Remove the quotes from around %JAVA_HOME%. If the quotes were needed to set the value, then they are already part of the string and the additional quotes will cause a syntax error.

N.B.: Paths with embedded blanks missing quotes and extra sets of quotes can cause failures, frequently with messages about unexpected information or invalid paths. If you see that sort of message when you test the batch file, comment out the @echo off line so you can see exactly where the script is failing, and you may have to add or remove quotes on that line or an earlier line to adjust for the actual paths in your environment.

Linux validate script

If you $JAVA_HOME environment variable is not already set, the script will exist without invoking Validate. See the "Finding and Setting JAVA_HOME" page on this wiki for gory details on determining the right value to set and how to set it in your environment. Note that the validate script is written to be run in the Bourne shell, so use Bourne shell syntax to set $JAVA_HOME in the script regardless of what your login shell is.
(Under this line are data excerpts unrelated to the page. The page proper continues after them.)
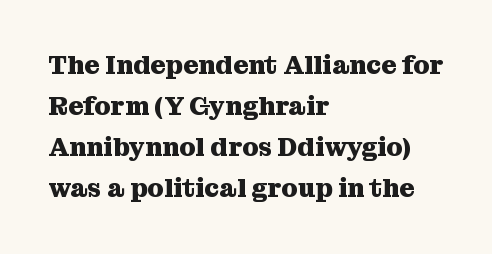
The image shows 26 px bold type, upright; set left-aligned, normal line spacing (1.58x), normal letter spacing, not underlined.
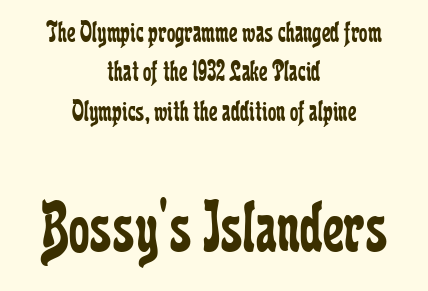
Check under the words: just untouched page. Each letter's strokes conclude with small projecting serifs. The letters in the lower block stand taller than those in the block above. The block of text has a typical density, with ordinary space between rows.
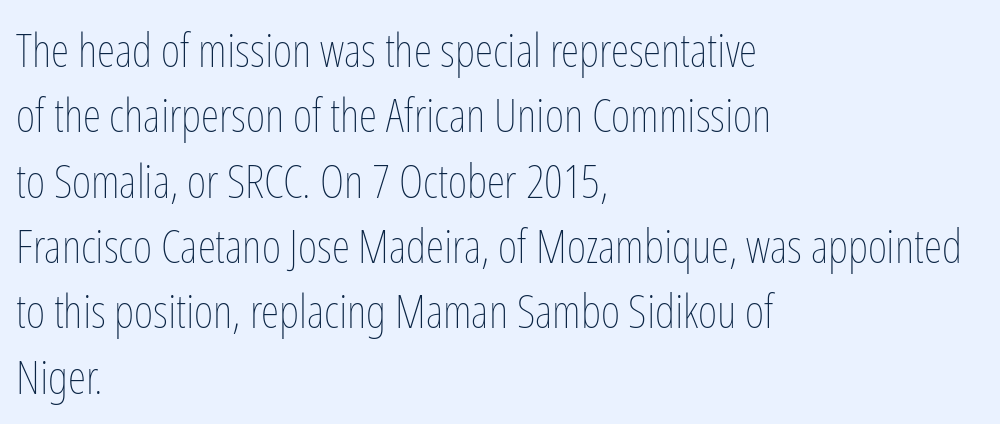
Q: Is the text bold? A: No.
Q: Is the text italic (slanted)? A: No, it is upright.
Q: Is the text underlined? A: No.
Q: How is the paragraph aligned? A: Left-aligned.
Q: Is the spacing between letters normal or unusually wide? A: Normal.
Q: Is the spacing between lines tight, normal or loose? A: Normal.
Q: Width (condensed, normal, or wide)? A: Condensed.
Q: Stroke contrast? A: Low.
Q: x-height? A: Medium.
Q: Monospaced? A: No.
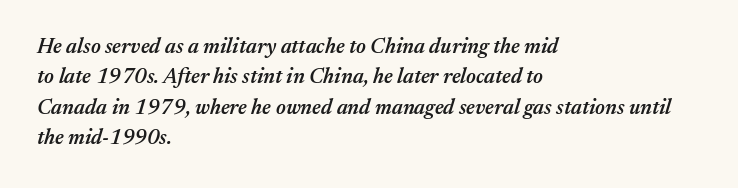
{"italic": "yes", "lean": "right", "slant_degrees": 17, "bold": "semi", "underline": "no", "align": "left", "line_spacing": "normal", "line_spacing_ratio": 1.45, "letter_spacing": "normal", "letter_spacing_em": 0.0, "glyph_px": 21}
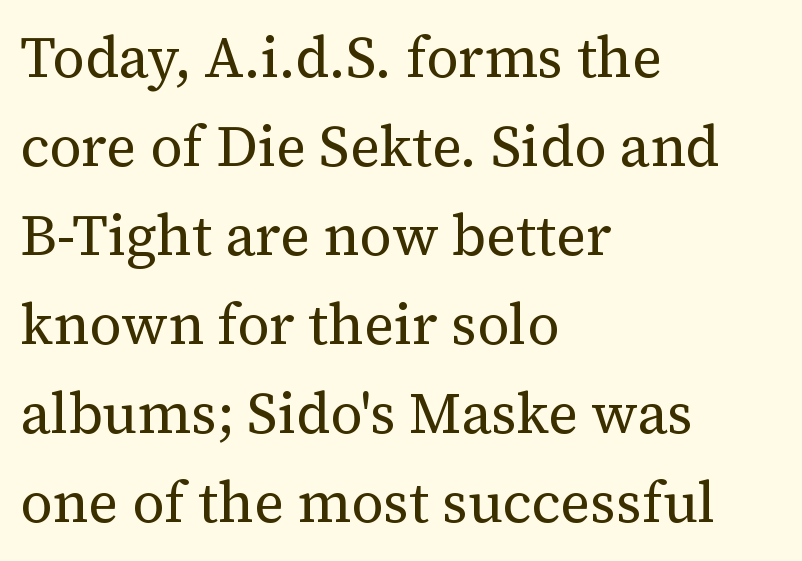
The image shows 57 px regular-weight serif type, upright; set left-aligned, normal line spacing (1.56x), normal letter spacing, not underlined; medium stroke contrast and a medium x-height.
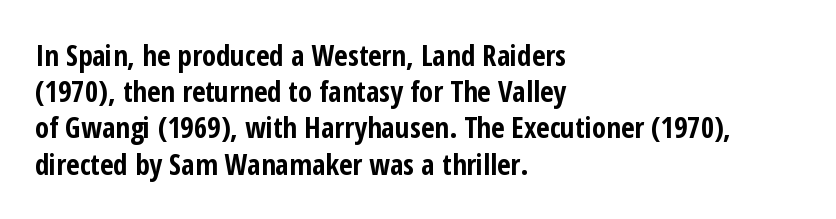
The axis of the letterforms is exactly vertical. Inter-character spacing is left at the font's built-in metrics. Look at the bottom of the vertical strokes: they stop flat, with no serifs. Thick stems and heavy bowls — unmistakably bold.
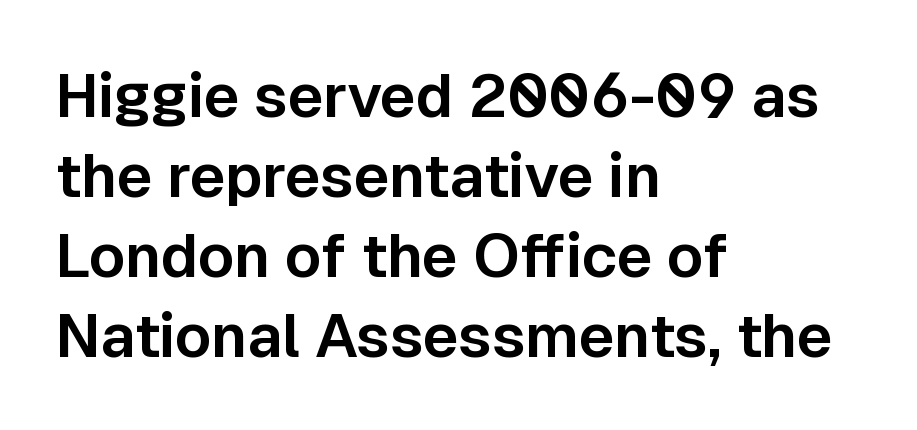
These lines are composed in type without serifs. Interline gaps are of average width in this sample. The lettering stays uniformly vertical, giving the passage a roman look. Horizontal alignment here is leftward, the default for most running prose. Here the designer chose a conventional face with non-uniform glyph widths.
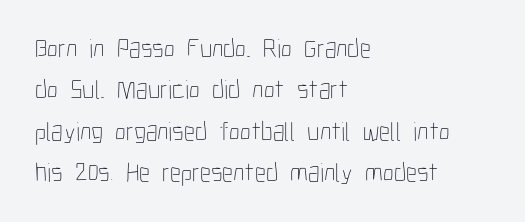
In terms of leading, this rendering sits right in the middle. The lettering stays uniformly vertical, giving the passage a roman look. Decoration check: the copy has no underline. The passage shown is not bold in any degree. How are the letters spaced? Ordinarily, with no added tracking.
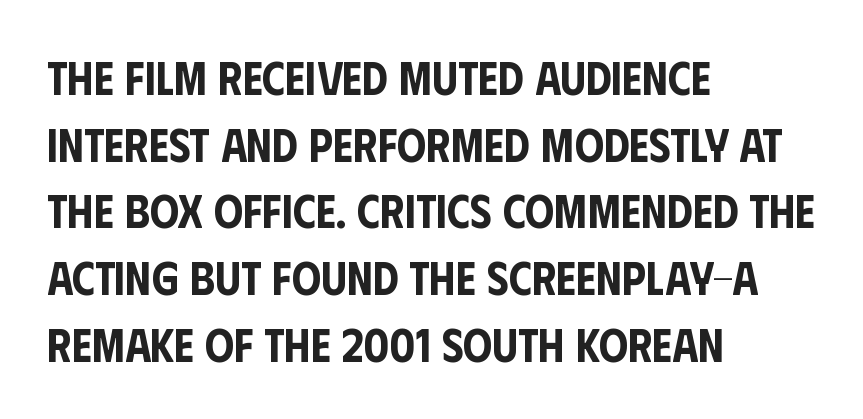
Q: Is the text italic (slanted)? A: No, it is upright.
Q: Is the typeface a serif or a sans-serif typeface? A: Sans-serif.
Q: Is the text underlined? A: No.
Q: How is the paragraph aligned? A: Left-aligned.
Q: Is the spacing between letters normal or unusually wide? A: Normal.
Q: Is the spacing between lines tight, normal or loose? A: Normal.
Q: Width (condensed, normal, or wide)? A: Condensed.
Q: Stroke contrast? A: Low.
Q: x-height? A: Large.
Q: Monospaced? A: No.
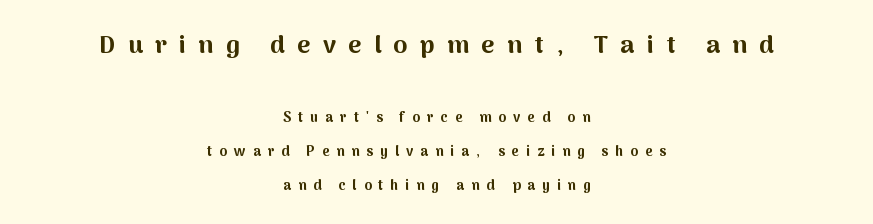
The image shows 25 px bold type, upright; set centered, loose line spacing (2.41x), unusually wide letter spacing (+0.5 em), not underlined; the first (top) block is 1.79x larger.

So if you prefer to set %JAVA_HOME in the script, replace these lines:

    if [ -z "${JAVA_HOME}" ]; then
        echo "The JAVA_HOME environment variable is not set." 1>&2
        exit 1
    fi

with something like this line:

    JAVA_HOME=/usr/lib/jvm/java-1.8.0-openjdk-1.8.0.131-2.b11.el7_3.x86_64/jre

where /usr/lib/jvm/java-1.8.0-openjdk-1.8.0.131-2.b11.el7_3.x86_64/jre should be replaced with your actual Java home directory. Alternately, if you have a handy little java_home script installed (see Finding and Setting JAVA_HOME), this will also work:

    JAVA_HOME=`java_home`

If you're planning to link the validate script into an bin/ directory (as opposed to adding a new element to you $PATH to access this one executable), you'll need to edit a couple more lines in the validate wrapper script. The script crawls the local directory tree to find related lib/ directory using system functions, but that doesn't quite work of the script was invoked via a link. So in this case, replace these lines:

    SCRIPT_DIR=`dirname $0`
    PARENT_DIR=`cd ${SCRIPT_DIR}/.. && pwd`

with something like these lines:

    PARENT_DIR=/usr/share/pds4tools/validate/validate-1.11.0
    SCRIPT_DIR=${PARENT_DIR}/bin

where you should replace /usr/share/pds4tools/validate/validate-1.11.0 with the absolute path to your installed validate tree (the directory containing the bin/ and lib/ subdirectories). Also note the inverted order of the definitions.

Finally, make sure the validate script is executable.